When installing Python projects, pip generates wrapper scripts for declared entry points: https://packaging.python.org/distributing/#console-scripts

This process assumes that running the script with the shebang line set to `sys.executable` will be sufficient to start Python with the correct sys.path settings, which is a correct assumption for Python virtual environments and full Linux containers, but not correct for Software Collections (since dynamically linked external C libraries won't be found correctly).


How reproducible:

Always

Steps to Reproduce:
1. Install a project with entry points defined that relies on external C extensions linked against the SCL Python binary
2. Run that project via a wrapper script generated by pip, setuptools, or pipsi
3.

Actual results:

You have to explicitly activate the SCL before the wrapper scripts will work

Expected results:

The wrapper scripts work automatically without requiring separate activation of the SCL (i.e. the use of the SCL Python becomes a transparent implementation detail of the installed script)

Additional info:

Ideally, this could be done *without* needing to patch the wrapper generation process by instead setting RPATH appropriately in the SCL Python executable, as then it would also fix subprocess execution of sys.executable with environment inheritance disabled (SCLs currently rely on the active environment being passed through to subprocesses), as well as every other piece of Python code that assumes that "sys.executable" provides all the info you need in order to re-run the "same" Python environment.

Such an approach would also ensure that running "pip install --upgrade pip wheel setuptools" inside a virtual environment doesn't break anything (this is a common technique to ensure a project is using the latest version of these tools with full support for modern Python packaging techniques)

Alternatively, the fix could be implemented by patching the SCL provided python-pip and python-setuptools to be "SCL aware", but that has the downside of being quite fragile, and inconsistent with the established techniques for running Python programs in a particular environment.

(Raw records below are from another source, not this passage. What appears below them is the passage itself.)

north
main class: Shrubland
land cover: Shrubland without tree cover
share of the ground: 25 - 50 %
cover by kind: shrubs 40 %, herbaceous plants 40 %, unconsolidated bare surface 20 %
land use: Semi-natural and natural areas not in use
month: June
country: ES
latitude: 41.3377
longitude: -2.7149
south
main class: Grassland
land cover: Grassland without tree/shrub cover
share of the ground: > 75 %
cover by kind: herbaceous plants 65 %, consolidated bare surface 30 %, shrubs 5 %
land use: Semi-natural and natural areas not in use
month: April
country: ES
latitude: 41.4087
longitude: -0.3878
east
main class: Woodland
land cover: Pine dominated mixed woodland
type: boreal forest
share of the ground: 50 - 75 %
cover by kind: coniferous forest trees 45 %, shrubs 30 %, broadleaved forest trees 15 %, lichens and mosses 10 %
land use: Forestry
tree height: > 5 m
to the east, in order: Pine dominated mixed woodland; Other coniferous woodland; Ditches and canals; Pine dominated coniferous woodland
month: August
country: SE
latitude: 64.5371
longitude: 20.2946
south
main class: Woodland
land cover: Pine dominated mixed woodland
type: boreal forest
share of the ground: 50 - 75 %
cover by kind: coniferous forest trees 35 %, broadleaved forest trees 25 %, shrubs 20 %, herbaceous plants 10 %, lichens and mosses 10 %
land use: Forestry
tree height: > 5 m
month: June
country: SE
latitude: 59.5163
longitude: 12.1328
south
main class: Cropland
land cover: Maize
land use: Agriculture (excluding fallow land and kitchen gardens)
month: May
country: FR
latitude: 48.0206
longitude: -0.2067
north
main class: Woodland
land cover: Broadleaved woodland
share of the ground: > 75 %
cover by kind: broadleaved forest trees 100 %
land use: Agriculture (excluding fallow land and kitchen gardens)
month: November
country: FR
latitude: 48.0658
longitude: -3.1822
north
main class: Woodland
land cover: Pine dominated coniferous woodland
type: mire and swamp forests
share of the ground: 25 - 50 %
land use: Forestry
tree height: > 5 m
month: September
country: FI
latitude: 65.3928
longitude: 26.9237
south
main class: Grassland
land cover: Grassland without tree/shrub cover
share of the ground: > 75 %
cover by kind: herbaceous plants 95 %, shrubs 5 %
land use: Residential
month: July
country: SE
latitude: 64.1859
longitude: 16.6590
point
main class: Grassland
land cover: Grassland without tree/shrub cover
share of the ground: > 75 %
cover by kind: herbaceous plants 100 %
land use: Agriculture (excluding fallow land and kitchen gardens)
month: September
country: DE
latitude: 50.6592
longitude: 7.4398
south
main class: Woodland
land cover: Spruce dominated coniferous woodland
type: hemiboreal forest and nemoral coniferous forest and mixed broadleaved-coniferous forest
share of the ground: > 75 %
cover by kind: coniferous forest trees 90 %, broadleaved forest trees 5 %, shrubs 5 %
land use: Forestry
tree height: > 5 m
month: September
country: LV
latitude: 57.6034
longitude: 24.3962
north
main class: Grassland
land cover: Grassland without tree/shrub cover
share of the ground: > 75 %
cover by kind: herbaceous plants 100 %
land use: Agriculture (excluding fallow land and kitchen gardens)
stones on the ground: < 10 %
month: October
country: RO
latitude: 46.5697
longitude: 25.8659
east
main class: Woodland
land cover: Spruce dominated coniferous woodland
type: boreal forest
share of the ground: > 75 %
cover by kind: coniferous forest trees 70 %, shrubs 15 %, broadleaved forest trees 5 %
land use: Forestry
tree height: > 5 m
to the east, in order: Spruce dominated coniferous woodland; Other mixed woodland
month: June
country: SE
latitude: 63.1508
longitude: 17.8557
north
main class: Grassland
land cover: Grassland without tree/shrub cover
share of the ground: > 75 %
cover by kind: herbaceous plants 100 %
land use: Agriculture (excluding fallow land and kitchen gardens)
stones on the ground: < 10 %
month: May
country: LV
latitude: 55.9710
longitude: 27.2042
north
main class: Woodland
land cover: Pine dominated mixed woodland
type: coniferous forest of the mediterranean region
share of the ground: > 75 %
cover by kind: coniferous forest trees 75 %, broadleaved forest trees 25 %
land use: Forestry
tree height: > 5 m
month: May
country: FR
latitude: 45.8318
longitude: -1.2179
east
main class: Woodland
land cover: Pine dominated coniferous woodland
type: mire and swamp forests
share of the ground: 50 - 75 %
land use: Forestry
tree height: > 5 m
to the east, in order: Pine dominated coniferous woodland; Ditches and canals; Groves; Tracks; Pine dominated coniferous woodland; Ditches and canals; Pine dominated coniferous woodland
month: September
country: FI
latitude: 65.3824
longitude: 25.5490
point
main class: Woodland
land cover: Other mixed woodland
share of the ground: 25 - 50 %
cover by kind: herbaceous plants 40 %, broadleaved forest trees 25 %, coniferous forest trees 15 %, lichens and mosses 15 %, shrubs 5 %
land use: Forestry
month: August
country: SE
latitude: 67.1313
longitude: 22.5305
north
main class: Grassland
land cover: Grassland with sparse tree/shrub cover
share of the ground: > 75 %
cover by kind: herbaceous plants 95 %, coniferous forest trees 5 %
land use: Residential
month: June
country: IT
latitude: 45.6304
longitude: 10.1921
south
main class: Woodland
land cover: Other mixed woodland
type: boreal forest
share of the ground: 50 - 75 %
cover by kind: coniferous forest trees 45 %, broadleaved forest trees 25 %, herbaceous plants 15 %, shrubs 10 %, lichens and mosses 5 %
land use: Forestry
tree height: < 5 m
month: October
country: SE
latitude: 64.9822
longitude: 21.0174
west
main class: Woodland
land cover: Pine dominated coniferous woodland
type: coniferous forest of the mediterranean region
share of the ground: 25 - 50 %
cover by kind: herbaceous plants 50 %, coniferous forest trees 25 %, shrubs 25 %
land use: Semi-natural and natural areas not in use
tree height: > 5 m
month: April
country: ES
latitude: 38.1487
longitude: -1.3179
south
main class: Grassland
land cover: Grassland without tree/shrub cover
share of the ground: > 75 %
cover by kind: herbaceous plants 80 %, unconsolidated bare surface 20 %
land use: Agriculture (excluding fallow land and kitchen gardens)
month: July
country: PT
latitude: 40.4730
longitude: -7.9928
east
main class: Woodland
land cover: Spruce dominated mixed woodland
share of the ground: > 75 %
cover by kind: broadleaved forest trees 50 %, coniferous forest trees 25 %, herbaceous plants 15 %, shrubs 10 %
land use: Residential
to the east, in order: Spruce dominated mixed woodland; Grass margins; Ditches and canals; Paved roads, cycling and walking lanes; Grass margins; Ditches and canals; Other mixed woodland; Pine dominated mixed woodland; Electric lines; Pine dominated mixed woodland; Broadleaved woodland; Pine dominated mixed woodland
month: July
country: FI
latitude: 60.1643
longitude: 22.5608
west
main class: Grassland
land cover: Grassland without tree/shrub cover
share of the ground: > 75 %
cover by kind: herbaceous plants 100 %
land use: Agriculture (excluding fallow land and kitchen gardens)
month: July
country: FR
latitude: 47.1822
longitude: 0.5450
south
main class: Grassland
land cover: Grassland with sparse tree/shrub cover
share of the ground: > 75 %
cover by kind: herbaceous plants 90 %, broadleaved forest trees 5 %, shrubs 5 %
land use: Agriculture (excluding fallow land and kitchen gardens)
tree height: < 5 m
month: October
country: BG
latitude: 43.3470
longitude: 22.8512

Comment 6 Joe Orton 2019-03-14 11:02:42 UTC
Red Hat does not currently plan to provide any further changes to this collection in a Red Hat Software Collections update release.

This software collection is nearing the retirement date (May 2019) after which customers are encouraged to upgrade to a later release.

Please contact Red Hat Support if you have further questions, or refer to the support lifecycle page for more information. https://access.redhat.com/support/policy/updates/rhscl/

Comment 7 Joe Orton 2019-06-14 13:06:50 UTC
In accordance with the Red Hat Software Collections Product Life Cycle, the support period for this collection has ended.

New bug fix, enhancement, and security errata updates, as well as technical support services will no longer be made available for this collection.

Customers are encouraged to upgrade to a later release.